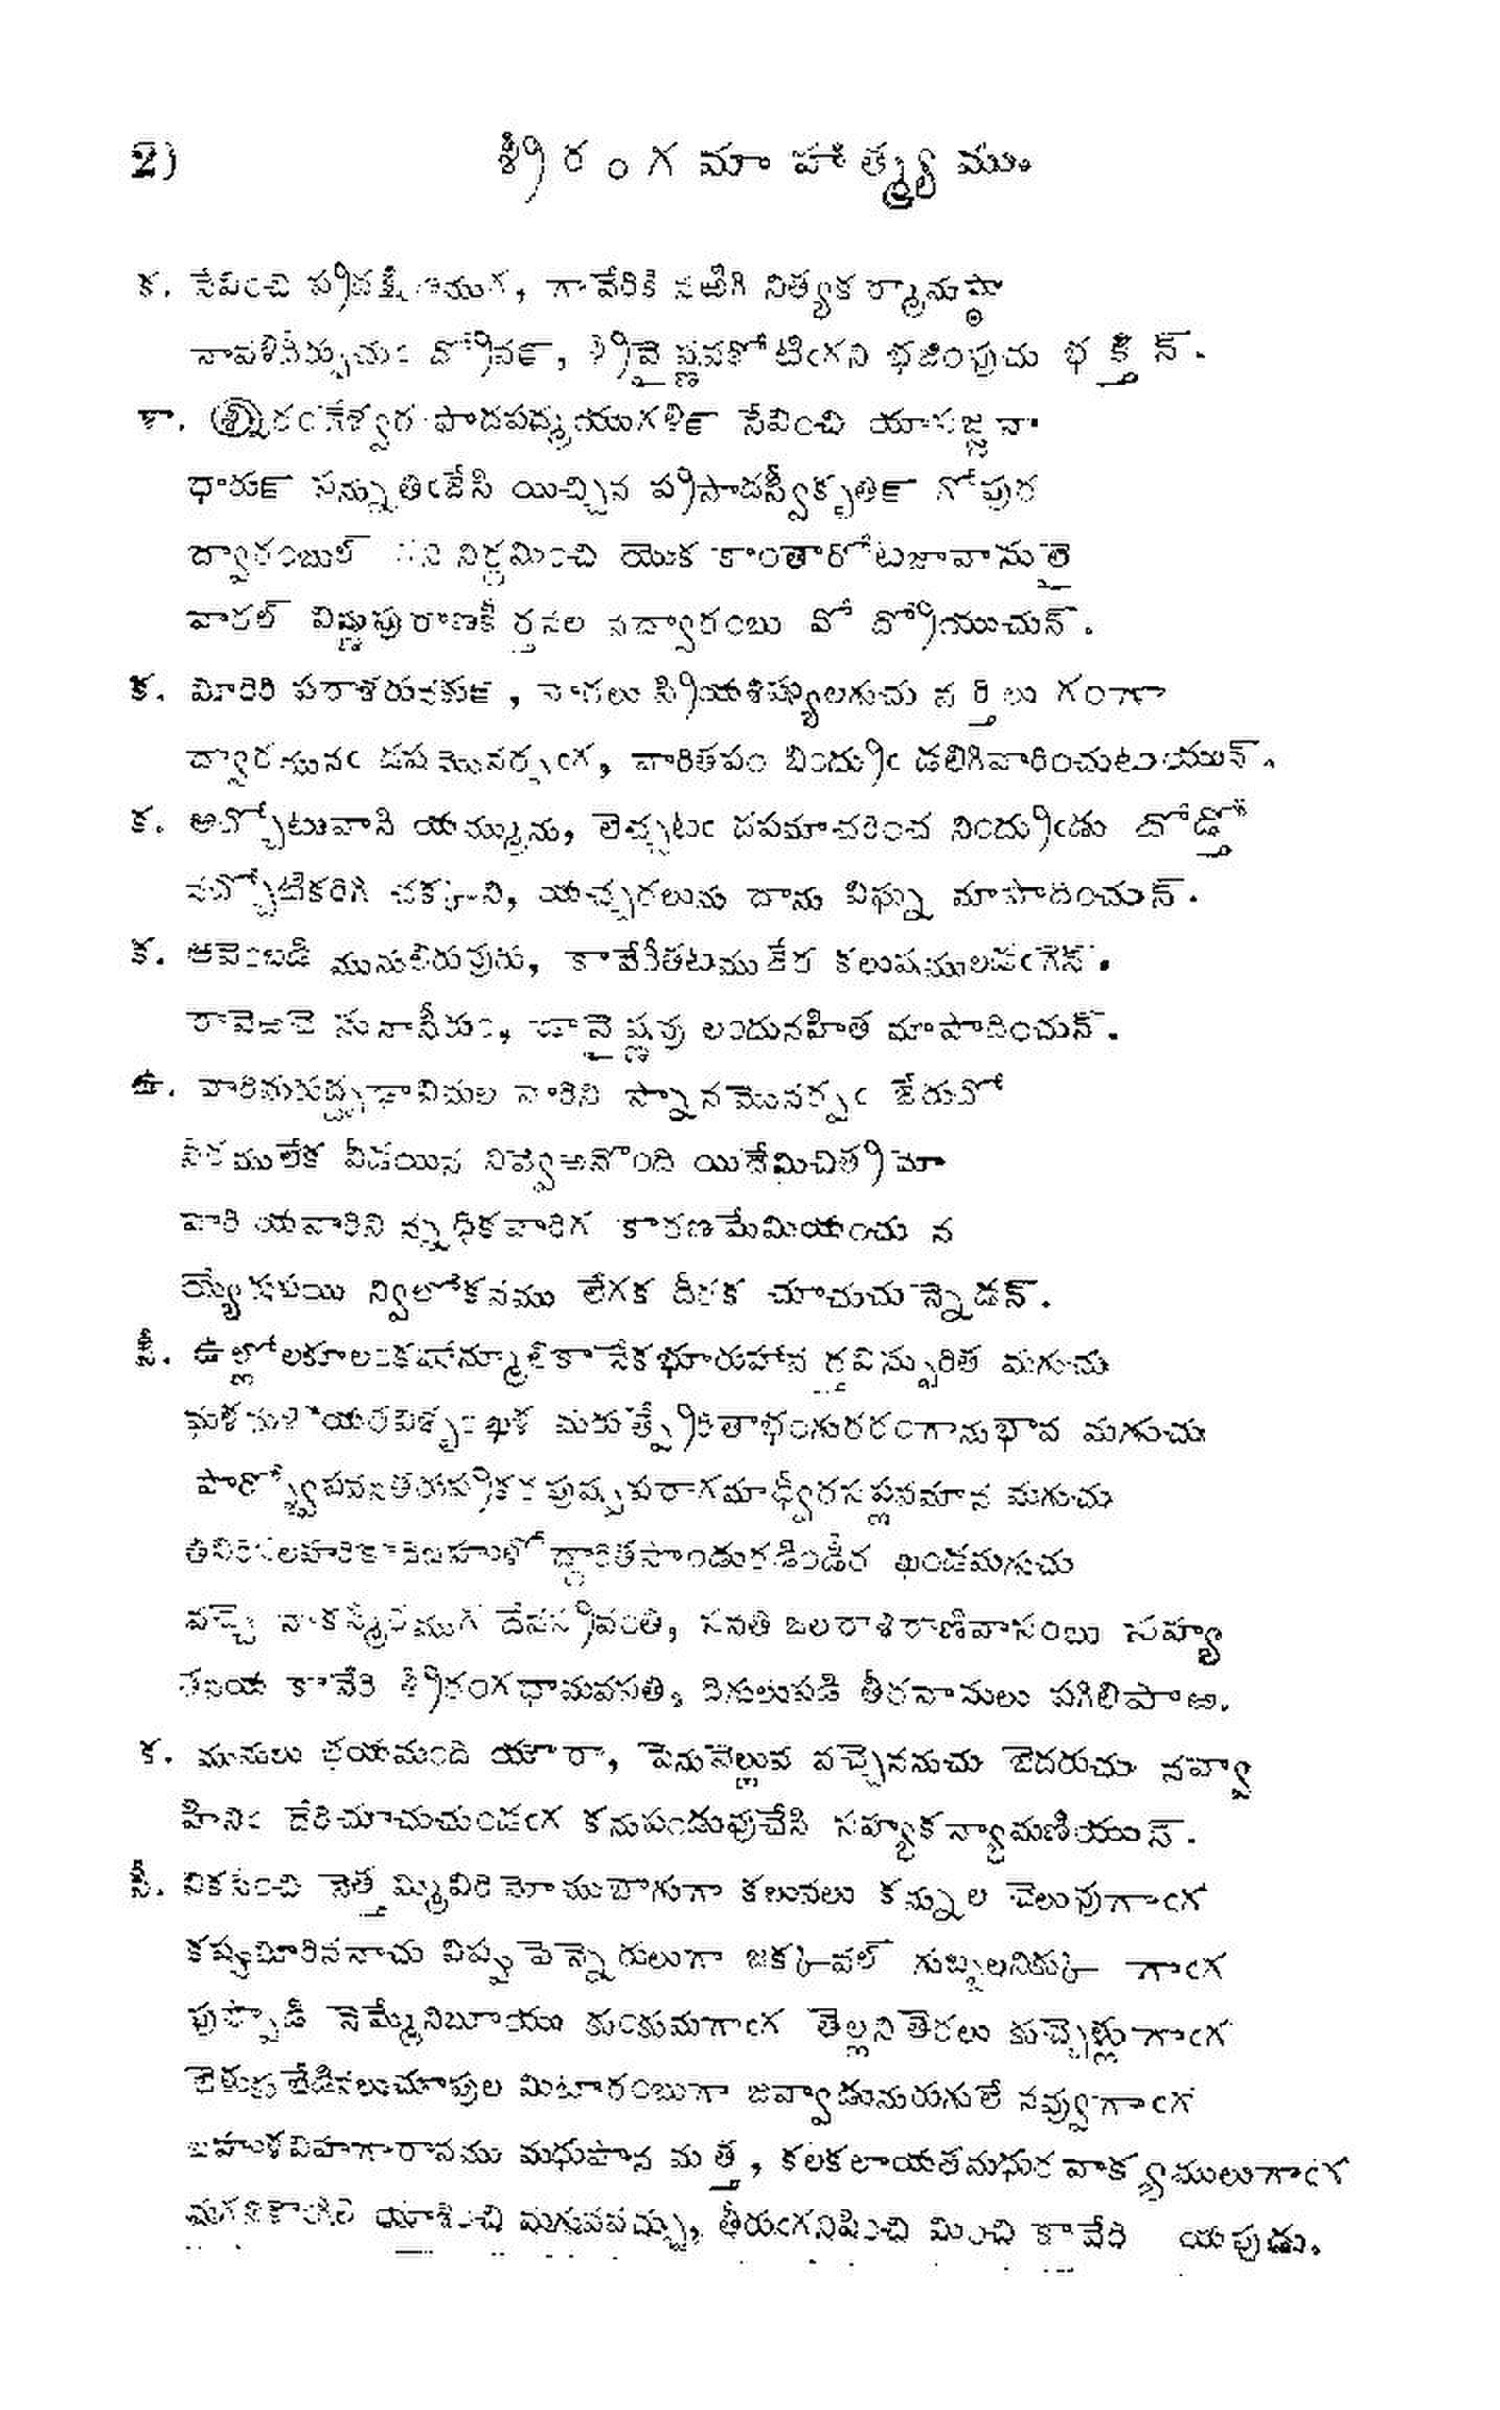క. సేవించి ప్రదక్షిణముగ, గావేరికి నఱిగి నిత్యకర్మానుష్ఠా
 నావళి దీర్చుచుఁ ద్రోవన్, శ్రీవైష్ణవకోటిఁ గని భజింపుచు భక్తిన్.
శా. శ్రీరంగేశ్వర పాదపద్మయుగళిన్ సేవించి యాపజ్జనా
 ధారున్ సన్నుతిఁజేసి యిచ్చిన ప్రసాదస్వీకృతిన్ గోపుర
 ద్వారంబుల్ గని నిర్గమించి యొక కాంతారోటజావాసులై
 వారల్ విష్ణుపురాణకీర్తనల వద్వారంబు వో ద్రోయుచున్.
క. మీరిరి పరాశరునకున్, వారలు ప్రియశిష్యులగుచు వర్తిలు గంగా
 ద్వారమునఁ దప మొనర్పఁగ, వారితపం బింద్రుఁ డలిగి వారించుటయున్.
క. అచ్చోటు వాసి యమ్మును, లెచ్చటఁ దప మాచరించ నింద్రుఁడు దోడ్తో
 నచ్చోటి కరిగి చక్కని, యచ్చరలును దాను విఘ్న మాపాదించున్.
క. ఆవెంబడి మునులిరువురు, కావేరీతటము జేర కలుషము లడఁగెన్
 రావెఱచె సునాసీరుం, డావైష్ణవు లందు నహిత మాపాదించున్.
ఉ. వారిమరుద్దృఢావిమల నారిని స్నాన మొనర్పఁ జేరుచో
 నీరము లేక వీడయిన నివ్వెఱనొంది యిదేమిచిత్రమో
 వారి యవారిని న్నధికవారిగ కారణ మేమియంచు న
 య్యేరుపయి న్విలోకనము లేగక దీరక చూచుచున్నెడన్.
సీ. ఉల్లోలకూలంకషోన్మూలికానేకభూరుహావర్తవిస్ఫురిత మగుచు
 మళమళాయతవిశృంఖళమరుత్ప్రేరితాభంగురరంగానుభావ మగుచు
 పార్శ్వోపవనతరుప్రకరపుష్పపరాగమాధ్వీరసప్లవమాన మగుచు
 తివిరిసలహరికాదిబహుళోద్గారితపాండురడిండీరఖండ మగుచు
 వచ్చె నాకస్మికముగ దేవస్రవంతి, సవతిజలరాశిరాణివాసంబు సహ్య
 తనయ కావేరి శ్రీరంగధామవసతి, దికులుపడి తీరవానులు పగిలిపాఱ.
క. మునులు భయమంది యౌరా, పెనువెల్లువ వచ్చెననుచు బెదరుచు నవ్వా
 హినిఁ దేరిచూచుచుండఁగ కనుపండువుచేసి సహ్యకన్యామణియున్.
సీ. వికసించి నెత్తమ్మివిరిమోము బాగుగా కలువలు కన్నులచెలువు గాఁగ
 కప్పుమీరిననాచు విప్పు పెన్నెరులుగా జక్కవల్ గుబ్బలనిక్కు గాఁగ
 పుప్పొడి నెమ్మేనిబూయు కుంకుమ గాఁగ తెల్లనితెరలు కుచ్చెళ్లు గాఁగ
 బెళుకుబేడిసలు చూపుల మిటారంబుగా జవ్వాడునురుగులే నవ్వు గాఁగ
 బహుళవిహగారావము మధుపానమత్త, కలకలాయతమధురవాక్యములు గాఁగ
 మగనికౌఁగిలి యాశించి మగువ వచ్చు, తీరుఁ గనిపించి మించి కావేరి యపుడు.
○ ○ ○ ○ ○
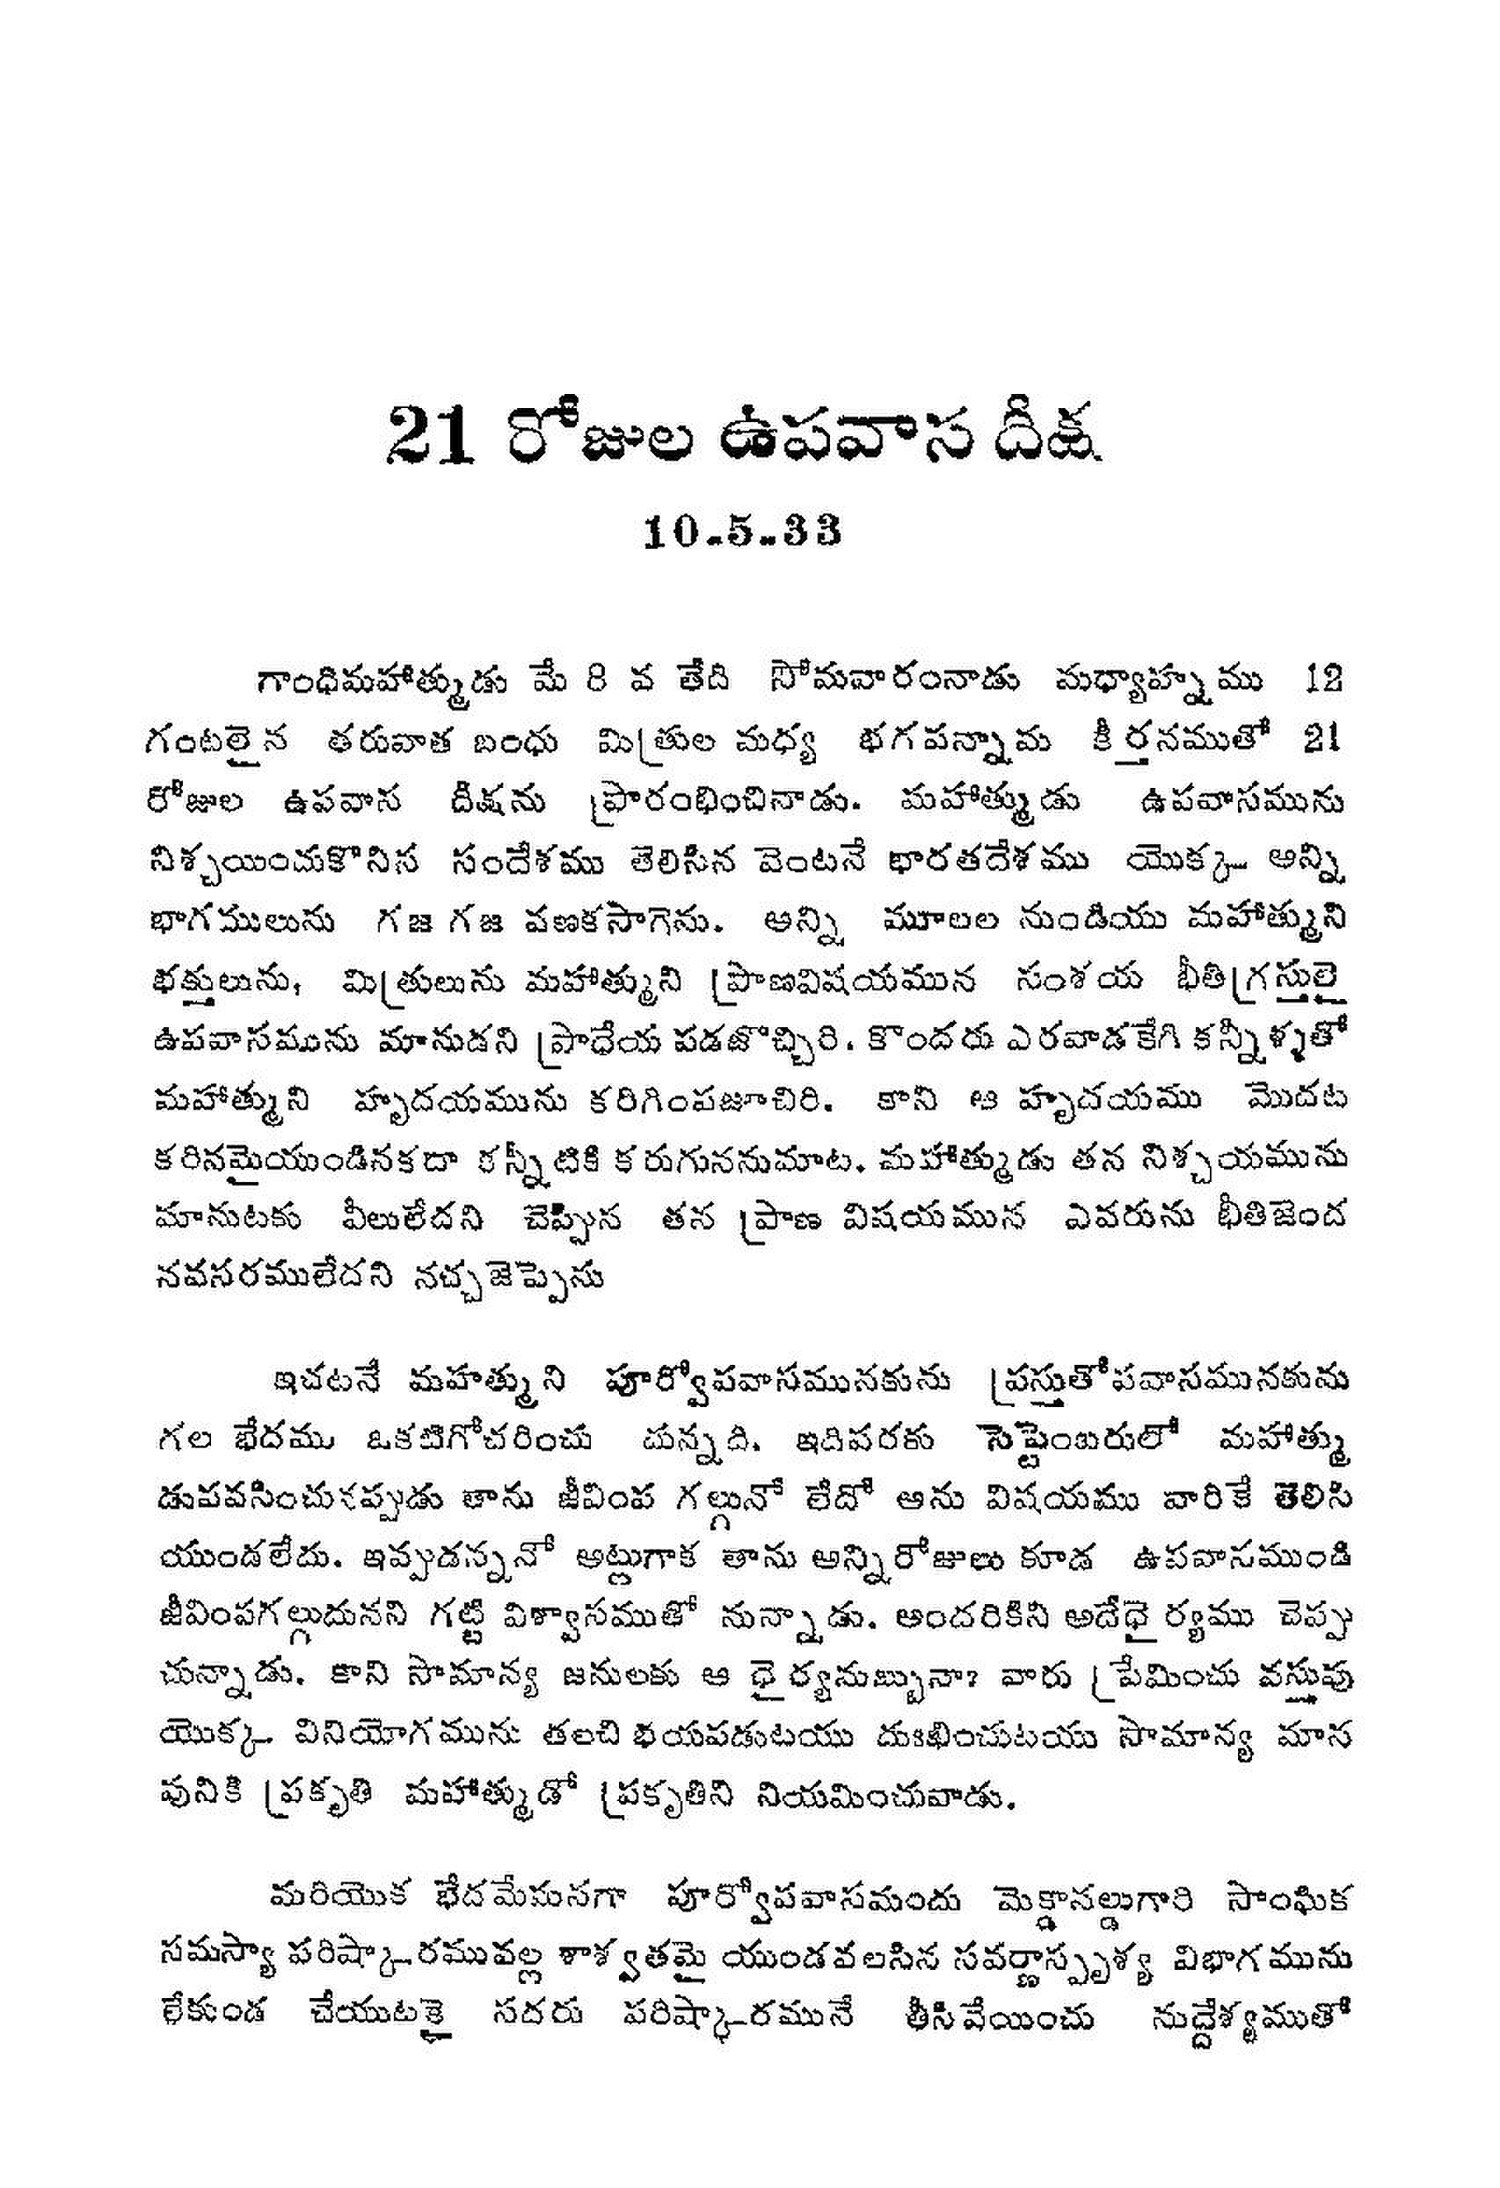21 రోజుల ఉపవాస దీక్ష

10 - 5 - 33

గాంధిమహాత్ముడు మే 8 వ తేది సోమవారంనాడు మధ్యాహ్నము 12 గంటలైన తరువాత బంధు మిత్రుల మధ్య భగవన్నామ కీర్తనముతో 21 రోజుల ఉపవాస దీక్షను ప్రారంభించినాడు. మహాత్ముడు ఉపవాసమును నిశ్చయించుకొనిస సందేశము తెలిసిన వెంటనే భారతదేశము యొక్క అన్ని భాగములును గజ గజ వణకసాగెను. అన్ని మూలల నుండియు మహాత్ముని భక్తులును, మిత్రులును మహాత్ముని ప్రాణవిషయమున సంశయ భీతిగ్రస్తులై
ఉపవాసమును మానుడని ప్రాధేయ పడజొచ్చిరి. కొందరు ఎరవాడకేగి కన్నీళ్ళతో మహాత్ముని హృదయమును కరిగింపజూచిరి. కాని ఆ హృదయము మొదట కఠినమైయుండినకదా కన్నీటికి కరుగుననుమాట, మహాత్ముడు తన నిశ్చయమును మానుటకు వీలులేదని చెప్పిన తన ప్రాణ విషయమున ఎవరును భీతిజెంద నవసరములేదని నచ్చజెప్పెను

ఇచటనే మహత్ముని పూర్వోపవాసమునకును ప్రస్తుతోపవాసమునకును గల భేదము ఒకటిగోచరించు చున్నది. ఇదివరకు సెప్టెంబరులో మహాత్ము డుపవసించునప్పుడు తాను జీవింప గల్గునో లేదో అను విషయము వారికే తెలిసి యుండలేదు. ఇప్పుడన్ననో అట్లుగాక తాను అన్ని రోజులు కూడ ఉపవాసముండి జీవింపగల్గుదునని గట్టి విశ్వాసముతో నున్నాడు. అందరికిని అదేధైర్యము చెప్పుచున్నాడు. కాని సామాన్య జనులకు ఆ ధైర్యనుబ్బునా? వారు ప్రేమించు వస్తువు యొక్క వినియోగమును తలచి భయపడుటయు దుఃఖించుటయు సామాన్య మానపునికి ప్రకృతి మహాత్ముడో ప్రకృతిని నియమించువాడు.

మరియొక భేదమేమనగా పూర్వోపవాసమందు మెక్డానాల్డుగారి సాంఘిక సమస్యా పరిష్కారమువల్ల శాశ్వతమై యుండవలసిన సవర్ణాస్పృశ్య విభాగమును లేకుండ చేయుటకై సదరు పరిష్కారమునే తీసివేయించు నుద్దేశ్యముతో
○ ○ ○ ○ ○
Look above for the line with "క. మునులు భయమంది"; retype exactly that line, every line after it up to the line with "మగనికౌఁగిలి యాశించి మగువ", and that line too, nothing else.

→ ANSWER FOR THE TASK:
క. మునులు భయమంది యౌరా, పెనువెల్లువ వచ్చెననుచు బెదరుచు నవ్వా
 హినిఁ దేరిచూచుచుండఁగ కనుపండువుచేసి సహ్యకన్యామణియున్.
సీ. వికసించి నెత్తమ్మివిరిమోము బాగుగా కలువలు కన్నులచెలువు గాఁగ
 కప్పుమీరిననాచు విప్పు పెన్నెరులుగా జక్కవల్ గుబ్బలనిక్కు గాఁగ
 పుప్పొడి నెమ్మేనిబూయు కుంకుమ గాఁగ తెల్లనితెరలు కుచ్చెళ్లు గాఁగ
 బెళుకుబేడిసలు చూపుల మిటారంబుగా జవ్వాడునురుగులే నవ్వు గాఁగ
 బహుళవిహగారావము మధుపానమత్త, కలకలాయతమధురవాక్యములు గాఁగ
 మగనికౌఁగిలి యాశించి మగువ వచ్చు, తీరుఁ గనిపించి మించి కావేరి యపుడు.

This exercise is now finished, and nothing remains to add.